Having pledged myself to the requisite silence and secrecy, Mickey began:--

"May be you heard tell of the way my father, rest his soul wherever he is,
came to his end. Well, I needn't mind particulars, but, in short, he was
murdered in Ballinasloe one night, when he was baitin' the whole town with
a blackthorn stick he had; more by token, a piece of a scythe was stuck at
the end of it,--a nate weapon, and one he was mighty partial to; but those
murdering thieves, the cattle-dealers, that never cared for diversion of
any kind, fell on him and broke his skull.
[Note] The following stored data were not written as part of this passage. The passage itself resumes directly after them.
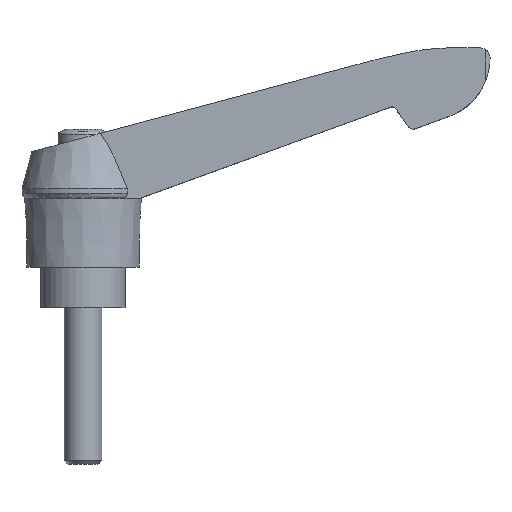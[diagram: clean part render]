
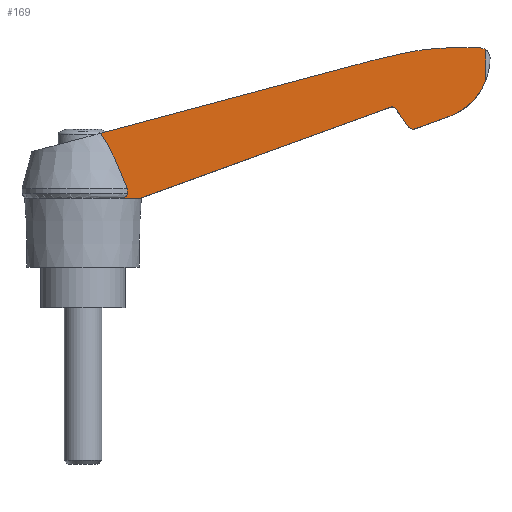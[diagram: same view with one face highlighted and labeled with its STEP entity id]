
A CAD part, top view. The second image highlights one B-rep face of the part: STEP entity #169.
In plain terms, the highlighted planar face has unit normal (0.034, 0, 0.999).
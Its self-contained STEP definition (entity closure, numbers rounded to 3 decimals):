
#169 = ADVANCED_FACE( '', ( #385 ), #386, .F. );
#385 = FACE_OUTER_BOUND( '', #651, .T. );
#386 = PLANE( '', #652 );
#651 = EDGE_LOOP( '', ( #1072, #1073, #1074, #1075, #1076, #1077, #1078, #1079, #1080, #1081, #1082, #1083, #1084, #1085, #1086, #1087 ) );
#652 = AXIS2_PLACEMENT_3D( '', #1088, #1089, #1090 );
#1072 = ORIENTED_EDGE( '', *, *, #1591, .F. );
#1073 = ORIENTED_EDGE( '', *, *, #1729, .T. );
#1074 = ORIENTED_EDGE( '', *, *, #1717, .F. );
#1075 = ORIENTED_EDGE( '', *, *, #1730, .F. );
#1076 = ORIENTED_EDGE( '', *, *, #1637, .T. );
#1077 = ORIENTED_EDGE( '', *, *, #1666, .F. );
#1078 = ORIENTED_EDGE( '', *, *, #1731, .F. );
#1079 = ORIENTED_EDGE( '', *, *, #1732, .F. );
#1080 = ORIENTED_EDGE( '', *, *, #1733, .F. );
#1081 = ORIENTED_EDGE( '', *, *, #1734, .F. );
#1082 = ORIENTED_EDGE( '', *, *, #1686, .F. );
#1083 = ORIENTED_EDGE( '', *, *, #1735, .F. );
#1084 = ORIENTED_EDGE( '', *, *, #1612, .F. );
#1085 = ORIENTED_EDGE( '', *, *, #1702, .F. );
#1086 = ORIENTED_EDGE( '', *, *, #1736, .F. );
#1087 = ORIENTED_EDGE( '', *, *, #1607, .F. );
#1088 = CARTESIAN_POINT( '', ( 0., 46.5, 6.943 ) );
#1089 = DIRECTION( '', ( -0.034, 0., -0.999 ) );
#1090 = DIRECTION( '', ( -0.999, 0., 0.034 ) );
#1591 = EDGE_CURVE( '', #1898, #1900, #1901, .T. );
#1607 = EDGE_CURVE( '', #1900, #1925, #1928, .T. );
#1612 = EDGE_CURVE( '', #1935, #1930, #1937, .T. );
#1637 = EDGE_CURVE( '', #1979, #1977, #1980, .T. );
#1666 = EDGE_CURVE( '', #2025, #1977, #2027, .T. );
#1686 = EDGE_CURVE( '', #2059, #2061, #2062, .T. );
#1702 = EDGE_CURVE( '', #2087, #1935, #2089, .T. );
#1717 = EDGE_CURVE( '', #2112, #2113, #2114, .T. );
#1729 = EDGE_CURVE( '', #1898, #2113, #2132, .T. );
#1730 = EDGE_CURVE( '', #1979, #2112, #2133, .T. );
#1731 = EDGE_CURVE( '', #2134, #2025, #2135, .T. );
#1732 = EDGE_CURVE( '', #2136, #2134, #2137, .T. );
#1733 = EDGE_CURVE( '', #2138, #2136, #2139, .T. );
#1734 = EDGE_CURVE( '', #2061, #2138, #2140, .T. );
#1735 = EDGE_CURVE( '', #1930, #2059, #2141, .T. );
#1736 = EDGE_CURVE( '', #1925, #2087, #2142, .T. );
#1898 = VERTEX_POINT( '', #2357 );
#1900 = VERTEX_POINT( '', #2359 );
#1901 = LINE( '', #2360, #2361 );
#1925 = VERTEX_POINT( '', #2392 );
#1928 = B_SPLINE_CURVE_WITH_KNOTS( '', 3, ( #2404, #2405, #2406, #2407, #2408, #2409, #2410, #2411, #2412, #2413, #2414, #2415 ), .UNSPECIFIED., .F., .F., ( 4, 2, 2, 2, 2, 4 ), ( 0., 0.002, 0.005, 0.007, 0.009, 0.01 ), .UNSPECIFIED. );
#1930 = VERTEX_POINT( '', #2417 );
#1935 = VERTEX_POINT( '', #2423 );
#1937 = ELLIPSE( '', #2426, 35.02, 35. );
#1977 = VERTEX_POINT( '', #2476 );
#1979 = VERTEX_POINT( '', #2479 );
#1980 = ELLIPSE( '', #2480, 0.7, 0.7 );
#2025 = VERTEX_POINT( '', #2547 );
#2027 = LINE( '', #2550, #2551 );
#2059 = VERTEX_POINT( '', #2601 );
#2061 = VERTEX_POINT( '', #2604 );
#2062 = ELLIPSE( '', #2605, 1.601, 1.6 );
#2087 = VERTEX_POINT( '', #2648 );
#2089 = ELLIPSE( '', #2651, 141.08, 141. );
#2112 = VERTEX_POINT( '', #2682 );
#2113 = VERTEX_POINT( '', #2683 );
#2114 = LINE( '', #2684, #2685 );
#2132 = B_SPLINE_CURVE_WITH_KNOTS( '', 3, ( #2722, #2723, #2724, #2725, #2726, #2727 ), .UNSPECIFIED., .F., .F., ( 4, 2, 4 ), ( 0., 0.001, 0.001 ), .UNSPECIFIED. );
#2133 = LINE( '', #2728, #2729 );
#2134 = VERTEX_POINT( '', #2730 );
#2135 = ELLIPSE( '', #2731, 1.001, 1. );
#2136 = VERTEX_POINT( '', #2732 );
#2137 = LINE( '', #2733, #2734 );
#2138 = VERTEX_POINT( '', #2735 );
#2139 = ELLIPSE( '', #2736, 10.006, 10. );
#2140 = LINE( '', #2737, #2738 );
#2141 = ELLIPSE( '', #2739, 35.02, 35. );
#2142 = LINE( '', #2740, #2741 );
#2357 = CARTESIAN_POINT( '', ( 7.079, 18.24, 6.704 ) );
#2359 = CARTESIAN_POINT( '', ( 7.079, 19., 6.704 ) );
#2360 = CARTESIAN_POINT( '', ( 7.079, 55.578, 6.704 ) );
#2361 = VECTOR( '', #3046, 1000. );
#2392 = CARTESIAN_POINT( '', ( 2.77, 27.859, 6.849 ) );
#2404 = CARTESIAN_POINT( '', ( 7.079, 19., 6.704 ) );
#2405 = CARTESIAN_POINT( '', ( 6.787, 19.77, 6.714 ) );
#2406 = CARTESIAN_POINT( '', ( 6.487, 20.537, 6.724 ) );
#2407 = CARTESIAN_POINT( '', ( 5.863, 22.061, 6.745 ) );
#2408 = CARTESIAN_POINT( '', ( 5.539, 22.819, 6.756 ) );
#2409 = CARTESIAN_POINT( '', ( 4.854, 24.317, 6.779 ) );
#2410 = CARTESIAN_POINT( '', ( 4.492, 25.057, 6.791 ) );
#2411 = CARTESIAN_POINT( '', ( 3.899, 26.141, 6.811 ) );
#2412 = CARTESIAN_POINT( '', ( 3.693, 26.497, 6.818 ) );
#2413 = CARTESIAN_POINT( '', ( 3.254, 27.194, 6.833 ) );
#2414 = CARTESIAN_POINT( '', ( 3.022, 27.535, 6.841 ) );
#2415 = CARTESIAN_POINT( '', ( 2.77, 27.859, 6.849 ) );
#2417 = CARTESIAN_POINT( '', ( 59.7, 41.5, 4.929 ) );
#2423 = CARTESIAN_POINT( '', ( 53., 41., 5.155 ) );
#2426 = AXIS2_PLACEMENT_3D( '', #3071, #3072, #3073 );
#2476 = CARTESIAN_POINT( '', ( 49.953, 31.781, 5.258 ) );
#2479 = CARTESIAN_POINT( '', ( 49.14, 32.037, 5.285 ) );
#2480 = AXIS2_PLACEMENT_3D( '', #3109, #3110, #3111 );
#2547 = CARTESIAN_POINT( '', ( 51.927, 28.962, 5.191 ) );
#2550 = CARTESIAN_POINT( '', ( 49.903, 31.852, 5.259 ) );
#2551 = VECTOR( '', #3147, 1000. );
#2601 = CARTESIAN_POINT( '', ( 63.6, 41.487, 4.797 ) );
#2604 = CARTESIAN_POINT( '', ( 64.324, 41.207, 4.773 ) );
#2605 = AXIS2_PLACEMENT_3D( '', #3170, #3171, #3172 );
#2648 = CARTESIAN_POINT( '', ( 43.4, 38.746, 5.479 ) );
#2651 = AXIS2_PLACEMENT_3D( '', #3186, #3187, #3188 );
#2682 = CARTESIAN_POINT( '', ( 9.2, 17.5, 6.633 ) );
#2683 = CARTESIAN_POINT( '', ( 6.456, 17.5, 6.725 ) );
#2684 = CARTESIAN_POINT( '', ( -0.095, 17.5, 6.946 ) );
#2685 = VECTOR( '', #3203, 1000. );
#2722 = CARTESIAN_POINT( '', ( 7.079, 18.24, 6.704 ) );
#2723 = CARTESIAN_POINT( '', ( 7.06, 18.071, 6.705 ) );
#2724 = CARTESIAN_POINT( '', ( 6.979, 17.916, 6.707 ) );
#2725 = CARTESIAN_POINT( '', ( 6.752, 17.666, 6.715 ) );
#2726 = CARTESIAN_POINT( '', ( 6.61, 17.571, 6.72 ) );
#2727 = CARTESIAN_POINT( '', ( 6.456, 17.5, 6.725 ) );
#2728 = CARTESIAN_POINT( '', ( 9.107, 17.466, 6.636 ) );
#2729 = VECTOR( '', #3220, 1000. );
#2730 = CARTESIAN_POINT( '', ( 53.088, 28.596, 5.152 ) );
#2731 = AXIS2_PLACEMENT_3D( '', #3221, #3222, #3223 );
#2732 = CARTESIAN_POINT( '', ( 57.9, 30.347, 4.99 ) );
#2733 = CARTESIAN_POINT( '', ( 52.951, 28.546, 5.156 ) );
#2734 = VECTOR( '', #3224, 1000. );
#2735 = CARTESIAN_POINT( '', ( 64.324, 36.302, 4.773 ) );
#2736 = AXIS2_PLACEMENT_3D( '', #3225, #3226, #3227 );
#2737 = CARTESIAN_POINT( '', ( 64.324, 46.5, 4.773 ) );
#2738 = VECTOR( '', #3228, 1000. );
#2739 = AXIS2_PLACEMENT_3D( '', #3229, #3230, #3231 );
#2740 = CARTESIAN_POINT( '', ( 43.266, 38.71, 5.483 ) );
#2741 = VECTOR( '', #3232, 1000. );
#3046 = DIRECTION( '', ( 0., 1., 0. ) );
#3071 = CARTESIAN_POINT( '', ( 58.943, 6.508, 4.954 ) );
#3072 = DIRECTION( '', ( -0.034, 0., -0.999 ) );
#3073 = DIRECTION( '', ( 0.999, 0., -0.034 ) );
#3109 = CARTESIAN_POINT( '', ( 49.38, 31.379, 5.277 ) );
#3110 = DIRECTION( '', ( -0.034, 0., -0.999 ) );
#3111 = DIRECTION( '', ( 0.999, 0., -0.034 ) );
#3147 = DIRECTION( '', ( -0.573, 0.819, 0.019 ) );
#3170 = CARTESIAN_POINT( '', ( 63.4, 39.9, 4.804 ) );
#3171 = DIRECTION( '', ( -0.034, 0., -0.999 ) );
#3172 = DIRECTION( '', ( 0.999, 0., -0.034 ) );
#3186 = CARTESIAN_POINT( '', ( 80.407, -97.311, 4.23 ) );
#3187 = DIRECTION( '', ( -0.034, 0., -0.999 ) );
#3188 = DIRECTION( '', ( 0.999, 0., -0.034 ) );
#3203 = DIRECTION( '', ( -0.999, 0., 0.034 ) );
#3220 = DIRECTION( '', ( -0.939, -0.342, 0.032 ) );
#3221 = CARTESIAN_POINT( '', ( 52.746, 29.535, 5.163 ) );
#3222 = DIRECTION( '', ( -0.034, 0., -0.999 ) );
#3223 = DIRECTION( '', ( 0.999, 0., -0.034 ) );
#3224 = DIRECTION( '', ( -0.939, -0.342, 0.032 ) );
#3225 = CARTESIAN_POINT( '', ( 55., 39.917, 5.087 ) );
#3226 = DIRECTION( '', ( -0.034, 0., -0.999 ) );
#3227 = DIRECTION( '', ( 0.999, 0., -0.034 ) );
#3228 = DIRECTION( '', ( 0., -1., 0. ) );
#3229 = CARTESIAN_POINT( '', ( 61.538, 6.548, 4.867 ) );
#3230 = DIRECTION( '', ( -0.034, 0., -0.999 ) );
#3231 = DIRECTION( '', ( 0.999, 0., -0.034 ) );
#3232 = DIRECTION( '', ( 0.965, 0.259, -0.033 ) );

"Well, we had a very agreeable wake, and plenty of the best of everything,
and to spare, and I thought it was all over; but somehow, though I paid
Father Roach fifteen shillings, and made him mighty drunk, he always gave
me a black look wherever I met him, and when I took off my hat, he'd turn
away his head displeased like.

"'Murder and ages,' says I, 'what's this for?' But as I've a light heart,
I bore up, and didn't think more about it. One day, however, I was coming
home from Athlone market, by myself on the road, when Father Roach overtook
me. 'Devil a one a me 'ill take any notice of you now,' says I, 'and we'll
see what'll come out of it.' So the priest rid up and looked me straight in
the face.

"'Mickey,' says he,--'Mickey.'

"'Father,' says I.

"'Is it that way you salute your clargy,' says he, 'with your caubeen on
your head?'

"'Faix,' says I, 'it's little ye mind whether it's an or aff; for you never
take the trouble to say, "By your leave," or "Damn your soul!" or any other
politeness when we meet.'

"'You're an ungrateful creature,' says he; 'and if you only knew, you'd be
trembling in your skin before me, this minute.'

"'Devil a tremble,' says I, 'after walking six miles this way.'

"'You're an obstinate, hard-hearted sinner,' says he; 'and it's no use in
telling you.'

"'Telling me what?' says I; for I was getting curious to make out what he
meant.

"'Mickey,' says he, changing his voice, and putting his head down close to
me,--'Mickey, I saw your father last night.'

"'The saints be merciful to us!' said I, 'did ye?'

"'I did,' says he.

"'Tear an ages,' says I, 'did he tell you what he did with the new
corduroys he bought in the fair?'

"'Oh, then, you are a could-hearted creature!' says he, 'and I'll not lose
time with you.' With that he was going to ride away, when I took hold of
the bridle.

"'Father, darling,' says I, 'God pardon me, but them breeches is goin'
between me an' my night's rest; but tell me about my father?'

"'Oh, then, he's in a melancholy state!'

"'Whereabouts is he?' says I.

"'In purgathory,' says he; 'but he won't be there long.'

"'Well,' says I, 'that's a comfort, anyhow.'

"'I am glad you think so,' says he; 'but there's more of the other
opinion.'

"'What's _that?_' says I.

"'That hell's worse.'

"'Oh, melia-murther!' says I, 'is that it?'

"'Ay, that's it.'

"Well, I was so terrified and frightened, I said nothing for some time, but
trotted along beside the priest's horse.

"'Father,' says I, 'how long will it be before they send him where you
know?'

"'It will not be long now,' says he, 'for they're tired entirely with him;
they've no peace night or day,' says he. 'Mickey, your father is a mighty
hard man.'

"'True for you, Father Roach,' says I to myself; 'av he had only the ould
stick with the scythe in it, I wish them joy of his company.'

"'Mickey,' says he, 'I see you're grieved, and I don't wonder; sure, it's a
great disgrace to a decent family.'

"'Troth, it is,' says I; 'but my father always liked low company. Could
nothing be done for him now, Father Roach?' says I, looking up in the
priest's face.

"'I'm greatly afraid, Mickey, he was a bad man, a very bad man.'

"'And ye think he'll go there?' says I.

"'Indeed, Mickey, I have my fears.'

"'Upon my conscience,' says I, 'I believe you're right; he was always a
restless crayture.'

"'But it doesn't depind on him,' says the priest, crossly.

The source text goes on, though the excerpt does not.